On the surface, this interpretation of the evidence has much to recommend it, not in the least because it resonates so well with the common-sense notion Western scholars have of power and its role in human affairs. The Sudra, as we have depicted him, has seized for himself and his caste fellows a privileged rank in village social life; his aim, we assume, is mastery and domination over those his endeavors expose to be weak. His claim to purity, no less than his claim to his laborers' impurity, is (as some would say of all such claims by the powerful) an artifice: "more or less cunning," as Geertz has put it, "more or less illusional, and designed to facilitate the prosier ends of rule" (1980:122). To depict the strategy of Sudra domination in these terms is to suggest that it is founded not on shared belief and consensus, but rather on delusion and coercion.

It is therefore not surprising that Mandelbaum has interpreted the political role of the dominant caste as one of "regulation," emphasizing not the ideology of rule so much as its coercive foundations.

A truly dominant caste, lie notes correctly, is willing and able "to field a band of determined men who will discourage dissidents by force. . .[and] dispossess other villagers of their livelihood" (1970:I, 358-59).

From this interpretation emerges a view of how Sudra domination has been reproduced over the centuries, despite its lack of legitimacy in traditional ranking terms. Sudra domination has persisted, it would appear, because the power of the dominant caste in its village has been so pervasive and so adept that the dominated have been forced to accept it, even though it cannot be justified by reference to the religious notions of rightful domination that can be found in the Dharmasastras.

Against this interpretation it can be argued, as would Dumont (1981:153), that even though the Sudra dominant castes of southern India do not claim the Ksatriya rank they nonetheless seek to emulate the legitimate function of Ksatriyas, for whom a certain dispensation is made with regard to the niceties of purity restrictions.
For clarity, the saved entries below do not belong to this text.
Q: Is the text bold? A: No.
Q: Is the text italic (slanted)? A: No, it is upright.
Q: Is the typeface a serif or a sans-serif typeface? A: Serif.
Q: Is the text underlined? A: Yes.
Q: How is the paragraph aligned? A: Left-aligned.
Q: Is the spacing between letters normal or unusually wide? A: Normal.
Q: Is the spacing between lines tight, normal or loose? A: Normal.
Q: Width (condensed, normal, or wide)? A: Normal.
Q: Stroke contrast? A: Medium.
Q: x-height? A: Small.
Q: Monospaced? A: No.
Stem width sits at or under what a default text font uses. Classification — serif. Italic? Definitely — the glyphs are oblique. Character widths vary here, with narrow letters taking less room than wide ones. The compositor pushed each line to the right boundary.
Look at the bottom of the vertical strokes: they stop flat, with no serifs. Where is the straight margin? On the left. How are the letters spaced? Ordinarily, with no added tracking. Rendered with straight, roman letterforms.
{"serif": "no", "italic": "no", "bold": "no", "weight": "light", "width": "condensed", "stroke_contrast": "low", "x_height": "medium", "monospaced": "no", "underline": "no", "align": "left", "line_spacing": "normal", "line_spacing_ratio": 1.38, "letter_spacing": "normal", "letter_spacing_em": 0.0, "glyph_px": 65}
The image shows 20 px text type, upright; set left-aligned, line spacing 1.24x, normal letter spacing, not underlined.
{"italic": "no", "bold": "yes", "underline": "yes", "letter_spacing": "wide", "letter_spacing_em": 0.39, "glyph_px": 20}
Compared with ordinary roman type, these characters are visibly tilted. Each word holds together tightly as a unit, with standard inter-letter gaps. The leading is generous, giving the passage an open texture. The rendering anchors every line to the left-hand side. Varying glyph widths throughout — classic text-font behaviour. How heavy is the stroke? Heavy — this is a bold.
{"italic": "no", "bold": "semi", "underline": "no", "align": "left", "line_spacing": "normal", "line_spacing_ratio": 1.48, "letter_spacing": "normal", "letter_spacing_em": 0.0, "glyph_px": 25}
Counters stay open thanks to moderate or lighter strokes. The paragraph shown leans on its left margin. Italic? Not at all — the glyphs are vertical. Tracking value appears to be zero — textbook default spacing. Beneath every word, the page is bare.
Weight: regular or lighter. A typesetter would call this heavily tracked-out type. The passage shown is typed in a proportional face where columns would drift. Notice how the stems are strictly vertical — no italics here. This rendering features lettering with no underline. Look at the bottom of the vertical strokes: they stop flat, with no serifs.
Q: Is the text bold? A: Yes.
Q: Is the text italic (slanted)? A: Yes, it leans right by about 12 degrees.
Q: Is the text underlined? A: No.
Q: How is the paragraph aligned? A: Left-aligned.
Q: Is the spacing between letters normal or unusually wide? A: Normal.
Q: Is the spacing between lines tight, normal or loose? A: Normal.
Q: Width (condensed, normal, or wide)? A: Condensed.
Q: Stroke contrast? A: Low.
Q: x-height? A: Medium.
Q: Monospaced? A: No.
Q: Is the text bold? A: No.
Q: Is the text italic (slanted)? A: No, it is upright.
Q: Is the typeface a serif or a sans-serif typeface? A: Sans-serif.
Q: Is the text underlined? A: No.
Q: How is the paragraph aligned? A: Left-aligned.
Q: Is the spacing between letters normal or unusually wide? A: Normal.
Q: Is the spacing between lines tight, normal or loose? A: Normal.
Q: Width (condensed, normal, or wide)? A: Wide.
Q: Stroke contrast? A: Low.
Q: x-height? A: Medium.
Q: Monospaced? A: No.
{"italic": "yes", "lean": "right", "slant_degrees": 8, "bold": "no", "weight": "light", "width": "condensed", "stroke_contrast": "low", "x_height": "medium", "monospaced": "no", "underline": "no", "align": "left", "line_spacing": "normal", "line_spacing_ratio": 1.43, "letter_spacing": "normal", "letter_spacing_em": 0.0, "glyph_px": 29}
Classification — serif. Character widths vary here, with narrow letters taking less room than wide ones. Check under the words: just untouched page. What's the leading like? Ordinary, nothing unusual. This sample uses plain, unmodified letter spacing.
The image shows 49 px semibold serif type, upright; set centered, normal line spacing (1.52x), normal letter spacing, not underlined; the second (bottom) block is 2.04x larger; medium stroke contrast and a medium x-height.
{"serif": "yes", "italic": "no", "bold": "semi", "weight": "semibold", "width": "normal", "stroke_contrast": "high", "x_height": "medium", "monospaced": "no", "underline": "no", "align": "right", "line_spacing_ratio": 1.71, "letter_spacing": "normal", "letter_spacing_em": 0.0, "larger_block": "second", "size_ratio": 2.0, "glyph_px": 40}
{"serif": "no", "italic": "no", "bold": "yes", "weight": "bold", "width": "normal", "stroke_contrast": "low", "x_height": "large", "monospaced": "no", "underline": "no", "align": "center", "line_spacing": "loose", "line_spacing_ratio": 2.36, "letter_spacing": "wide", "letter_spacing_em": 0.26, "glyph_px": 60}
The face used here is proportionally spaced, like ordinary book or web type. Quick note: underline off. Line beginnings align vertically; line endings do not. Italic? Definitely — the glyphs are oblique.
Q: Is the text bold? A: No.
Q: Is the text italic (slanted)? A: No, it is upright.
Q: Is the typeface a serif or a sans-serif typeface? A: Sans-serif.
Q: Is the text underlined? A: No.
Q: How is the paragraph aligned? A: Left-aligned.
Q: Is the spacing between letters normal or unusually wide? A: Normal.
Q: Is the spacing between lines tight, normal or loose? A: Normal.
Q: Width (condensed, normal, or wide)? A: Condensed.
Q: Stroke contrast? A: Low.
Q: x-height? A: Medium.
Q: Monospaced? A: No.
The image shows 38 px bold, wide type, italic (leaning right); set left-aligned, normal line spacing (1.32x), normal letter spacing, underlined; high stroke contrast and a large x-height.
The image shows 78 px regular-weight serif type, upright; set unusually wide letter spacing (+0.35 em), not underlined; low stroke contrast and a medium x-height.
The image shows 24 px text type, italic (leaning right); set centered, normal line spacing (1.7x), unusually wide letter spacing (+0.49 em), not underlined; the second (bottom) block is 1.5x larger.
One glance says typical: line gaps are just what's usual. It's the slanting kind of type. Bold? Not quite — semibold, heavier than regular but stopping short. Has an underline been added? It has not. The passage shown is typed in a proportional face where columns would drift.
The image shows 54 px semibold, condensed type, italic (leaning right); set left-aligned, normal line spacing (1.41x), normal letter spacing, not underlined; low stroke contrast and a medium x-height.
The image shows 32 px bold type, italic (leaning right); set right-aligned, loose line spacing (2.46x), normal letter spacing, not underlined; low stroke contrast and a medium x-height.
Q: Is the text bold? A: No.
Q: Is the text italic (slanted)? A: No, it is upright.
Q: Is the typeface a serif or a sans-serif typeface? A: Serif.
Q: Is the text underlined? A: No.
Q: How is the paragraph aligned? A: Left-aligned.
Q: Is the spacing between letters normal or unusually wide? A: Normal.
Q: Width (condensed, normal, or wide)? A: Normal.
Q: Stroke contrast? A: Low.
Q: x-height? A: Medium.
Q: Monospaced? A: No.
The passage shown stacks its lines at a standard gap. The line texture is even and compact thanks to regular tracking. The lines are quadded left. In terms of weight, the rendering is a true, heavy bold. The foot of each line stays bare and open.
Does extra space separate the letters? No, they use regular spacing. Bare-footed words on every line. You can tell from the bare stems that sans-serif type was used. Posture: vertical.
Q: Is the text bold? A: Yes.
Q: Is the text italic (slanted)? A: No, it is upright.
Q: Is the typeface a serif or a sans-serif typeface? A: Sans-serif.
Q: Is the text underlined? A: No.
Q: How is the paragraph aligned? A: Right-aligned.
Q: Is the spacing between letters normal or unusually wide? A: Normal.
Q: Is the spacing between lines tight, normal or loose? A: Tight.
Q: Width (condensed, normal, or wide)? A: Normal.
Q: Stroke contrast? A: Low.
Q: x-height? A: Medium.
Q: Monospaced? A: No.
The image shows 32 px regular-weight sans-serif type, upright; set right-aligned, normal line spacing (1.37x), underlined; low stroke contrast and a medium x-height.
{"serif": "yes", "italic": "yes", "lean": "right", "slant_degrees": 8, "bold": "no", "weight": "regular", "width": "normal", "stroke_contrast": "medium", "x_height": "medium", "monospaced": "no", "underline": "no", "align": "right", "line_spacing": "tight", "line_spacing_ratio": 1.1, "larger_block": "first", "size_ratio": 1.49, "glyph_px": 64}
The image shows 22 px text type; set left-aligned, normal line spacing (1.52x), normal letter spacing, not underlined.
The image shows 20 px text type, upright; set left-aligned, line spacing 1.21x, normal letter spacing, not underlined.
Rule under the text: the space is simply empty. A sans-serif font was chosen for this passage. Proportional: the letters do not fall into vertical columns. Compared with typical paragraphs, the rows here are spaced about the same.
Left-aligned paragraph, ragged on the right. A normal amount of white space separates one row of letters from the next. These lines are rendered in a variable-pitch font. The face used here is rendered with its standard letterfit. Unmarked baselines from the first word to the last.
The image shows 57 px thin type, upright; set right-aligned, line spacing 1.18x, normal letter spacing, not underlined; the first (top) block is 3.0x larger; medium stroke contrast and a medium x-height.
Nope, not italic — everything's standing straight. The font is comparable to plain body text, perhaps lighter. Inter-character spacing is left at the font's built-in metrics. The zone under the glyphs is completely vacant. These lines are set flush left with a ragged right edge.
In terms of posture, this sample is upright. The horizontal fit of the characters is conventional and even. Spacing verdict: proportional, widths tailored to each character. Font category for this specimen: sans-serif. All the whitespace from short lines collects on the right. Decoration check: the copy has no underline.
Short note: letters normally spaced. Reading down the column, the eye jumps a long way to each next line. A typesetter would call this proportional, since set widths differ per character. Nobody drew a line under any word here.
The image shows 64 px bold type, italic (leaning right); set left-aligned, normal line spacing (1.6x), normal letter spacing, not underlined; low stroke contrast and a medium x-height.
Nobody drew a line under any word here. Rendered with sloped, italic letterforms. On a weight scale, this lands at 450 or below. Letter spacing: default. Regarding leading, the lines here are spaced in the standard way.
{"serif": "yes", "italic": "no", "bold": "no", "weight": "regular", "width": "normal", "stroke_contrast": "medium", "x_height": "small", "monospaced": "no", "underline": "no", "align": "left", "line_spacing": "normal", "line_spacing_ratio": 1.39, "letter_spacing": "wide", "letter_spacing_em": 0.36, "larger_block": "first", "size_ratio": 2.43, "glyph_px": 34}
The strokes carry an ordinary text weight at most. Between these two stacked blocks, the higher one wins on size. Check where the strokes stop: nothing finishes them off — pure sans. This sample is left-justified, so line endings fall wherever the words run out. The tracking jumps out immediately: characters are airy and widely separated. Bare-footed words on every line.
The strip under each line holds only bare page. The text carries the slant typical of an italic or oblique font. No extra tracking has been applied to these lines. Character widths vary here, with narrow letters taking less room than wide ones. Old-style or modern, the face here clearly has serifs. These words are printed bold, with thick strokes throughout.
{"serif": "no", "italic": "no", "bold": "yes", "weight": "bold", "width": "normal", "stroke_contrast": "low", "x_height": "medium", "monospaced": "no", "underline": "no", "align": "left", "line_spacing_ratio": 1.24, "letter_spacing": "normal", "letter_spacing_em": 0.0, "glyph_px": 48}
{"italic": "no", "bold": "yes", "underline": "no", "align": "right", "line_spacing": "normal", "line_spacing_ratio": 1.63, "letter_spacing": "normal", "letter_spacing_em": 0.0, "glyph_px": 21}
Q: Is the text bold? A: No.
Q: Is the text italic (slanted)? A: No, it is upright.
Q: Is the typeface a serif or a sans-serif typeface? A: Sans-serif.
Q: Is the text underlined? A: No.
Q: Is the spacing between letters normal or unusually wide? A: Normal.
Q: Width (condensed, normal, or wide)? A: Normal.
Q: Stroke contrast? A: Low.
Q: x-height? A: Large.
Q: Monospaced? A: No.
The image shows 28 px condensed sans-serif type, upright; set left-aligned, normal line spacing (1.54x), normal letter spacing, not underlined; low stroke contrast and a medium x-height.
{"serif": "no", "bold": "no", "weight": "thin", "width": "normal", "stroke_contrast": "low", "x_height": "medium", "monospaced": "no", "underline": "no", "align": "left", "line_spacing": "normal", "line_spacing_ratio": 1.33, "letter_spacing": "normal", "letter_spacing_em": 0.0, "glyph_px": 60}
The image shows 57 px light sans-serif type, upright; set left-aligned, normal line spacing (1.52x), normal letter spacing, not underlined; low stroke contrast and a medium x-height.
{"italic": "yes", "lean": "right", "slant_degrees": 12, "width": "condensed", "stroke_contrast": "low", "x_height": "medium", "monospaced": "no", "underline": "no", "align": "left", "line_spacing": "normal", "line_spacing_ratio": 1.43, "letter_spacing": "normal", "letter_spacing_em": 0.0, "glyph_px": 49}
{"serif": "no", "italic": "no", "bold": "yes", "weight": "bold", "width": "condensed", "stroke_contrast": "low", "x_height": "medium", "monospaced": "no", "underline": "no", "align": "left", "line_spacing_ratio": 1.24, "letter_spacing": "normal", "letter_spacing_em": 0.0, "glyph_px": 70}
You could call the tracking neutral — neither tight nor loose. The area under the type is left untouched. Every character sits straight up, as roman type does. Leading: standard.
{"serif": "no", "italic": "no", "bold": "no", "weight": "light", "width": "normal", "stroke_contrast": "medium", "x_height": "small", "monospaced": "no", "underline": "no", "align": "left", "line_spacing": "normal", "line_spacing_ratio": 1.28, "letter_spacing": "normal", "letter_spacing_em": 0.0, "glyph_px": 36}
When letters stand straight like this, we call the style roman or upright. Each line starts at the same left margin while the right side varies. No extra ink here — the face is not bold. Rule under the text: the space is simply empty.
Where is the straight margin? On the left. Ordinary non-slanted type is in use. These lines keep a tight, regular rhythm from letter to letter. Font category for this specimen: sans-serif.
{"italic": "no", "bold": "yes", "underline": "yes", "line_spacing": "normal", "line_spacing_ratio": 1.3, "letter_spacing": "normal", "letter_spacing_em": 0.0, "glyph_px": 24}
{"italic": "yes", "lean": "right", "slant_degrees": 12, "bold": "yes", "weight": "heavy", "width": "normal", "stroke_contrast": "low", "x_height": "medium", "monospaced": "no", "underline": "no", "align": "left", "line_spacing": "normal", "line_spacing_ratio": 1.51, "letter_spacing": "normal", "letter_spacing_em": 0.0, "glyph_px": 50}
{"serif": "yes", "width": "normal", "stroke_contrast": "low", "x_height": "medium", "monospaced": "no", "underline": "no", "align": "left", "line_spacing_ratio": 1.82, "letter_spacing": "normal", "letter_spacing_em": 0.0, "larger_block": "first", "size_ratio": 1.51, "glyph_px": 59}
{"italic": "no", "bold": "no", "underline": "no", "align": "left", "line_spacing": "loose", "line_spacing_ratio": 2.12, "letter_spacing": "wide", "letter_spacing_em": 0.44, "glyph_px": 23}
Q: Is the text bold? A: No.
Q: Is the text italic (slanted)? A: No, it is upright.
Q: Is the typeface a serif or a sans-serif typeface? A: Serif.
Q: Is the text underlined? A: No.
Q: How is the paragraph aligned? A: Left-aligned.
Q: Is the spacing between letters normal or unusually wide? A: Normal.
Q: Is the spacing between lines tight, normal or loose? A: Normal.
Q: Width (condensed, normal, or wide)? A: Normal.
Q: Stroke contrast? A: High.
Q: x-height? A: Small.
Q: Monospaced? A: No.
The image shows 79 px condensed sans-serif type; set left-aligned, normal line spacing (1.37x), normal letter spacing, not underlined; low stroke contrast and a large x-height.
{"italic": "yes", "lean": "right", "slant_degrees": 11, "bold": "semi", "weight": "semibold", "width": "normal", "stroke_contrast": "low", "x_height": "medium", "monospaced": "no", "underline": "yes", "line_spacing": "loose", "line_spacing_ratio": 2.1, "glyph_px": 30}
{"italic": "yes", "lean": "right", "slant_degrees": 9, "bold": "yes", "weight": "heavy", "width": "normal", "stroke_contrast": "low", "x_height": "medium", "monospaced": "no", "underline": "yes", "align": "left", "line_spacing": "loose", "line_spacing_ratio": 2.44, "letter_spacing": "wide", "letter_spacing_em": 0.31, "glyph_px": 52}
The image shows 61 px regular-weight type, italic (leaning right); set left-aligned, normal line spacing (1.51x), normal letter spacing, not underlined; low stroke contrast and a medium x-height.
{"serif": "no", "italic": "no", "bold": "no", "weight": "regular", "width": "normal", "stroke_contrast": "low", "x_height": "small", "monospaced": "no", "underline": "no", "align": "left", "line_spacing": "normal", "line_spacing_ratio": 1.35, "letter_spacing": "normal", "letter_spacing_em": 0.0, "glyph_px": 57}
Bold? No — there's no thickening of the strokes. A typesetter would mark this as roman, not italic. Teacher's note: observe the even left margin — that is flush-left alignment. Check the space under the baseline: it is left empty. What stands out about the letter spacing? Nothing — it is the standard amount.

After all, a ruler can hardly be expected to do his job if, like the Brahman, he must live the Sastra-mandated life of plain living and nigh thinking. He must be a man of action, and indeed the texts depict the king expressly as immune to impurity (asauca) because he was pervaded with the power of the gods (Gonda 1969:15). That power was conferred upon him in the royal installation ritual (Inden 1978:28ff).

There is no small evidence that the Ksatriya dominant castes of North India indeed deem themselves to possess a right to ignore purity restrictions. The North Indian Rajput, for instance, "regards it as a kind of warrior's dispensation that he is permitted to hunt, eat meat, drink liquor, and eat opium" (Hitchcock 1958:220, cited in Mandelbaum 1970:I, 207). In Central India, Rajputs, notwithstanding their impurity, claim to rank higher than members of other non-Brahman castes that emulate the purity ideal, and the consensus of public opinion is in agreement (Mayer 1966:35).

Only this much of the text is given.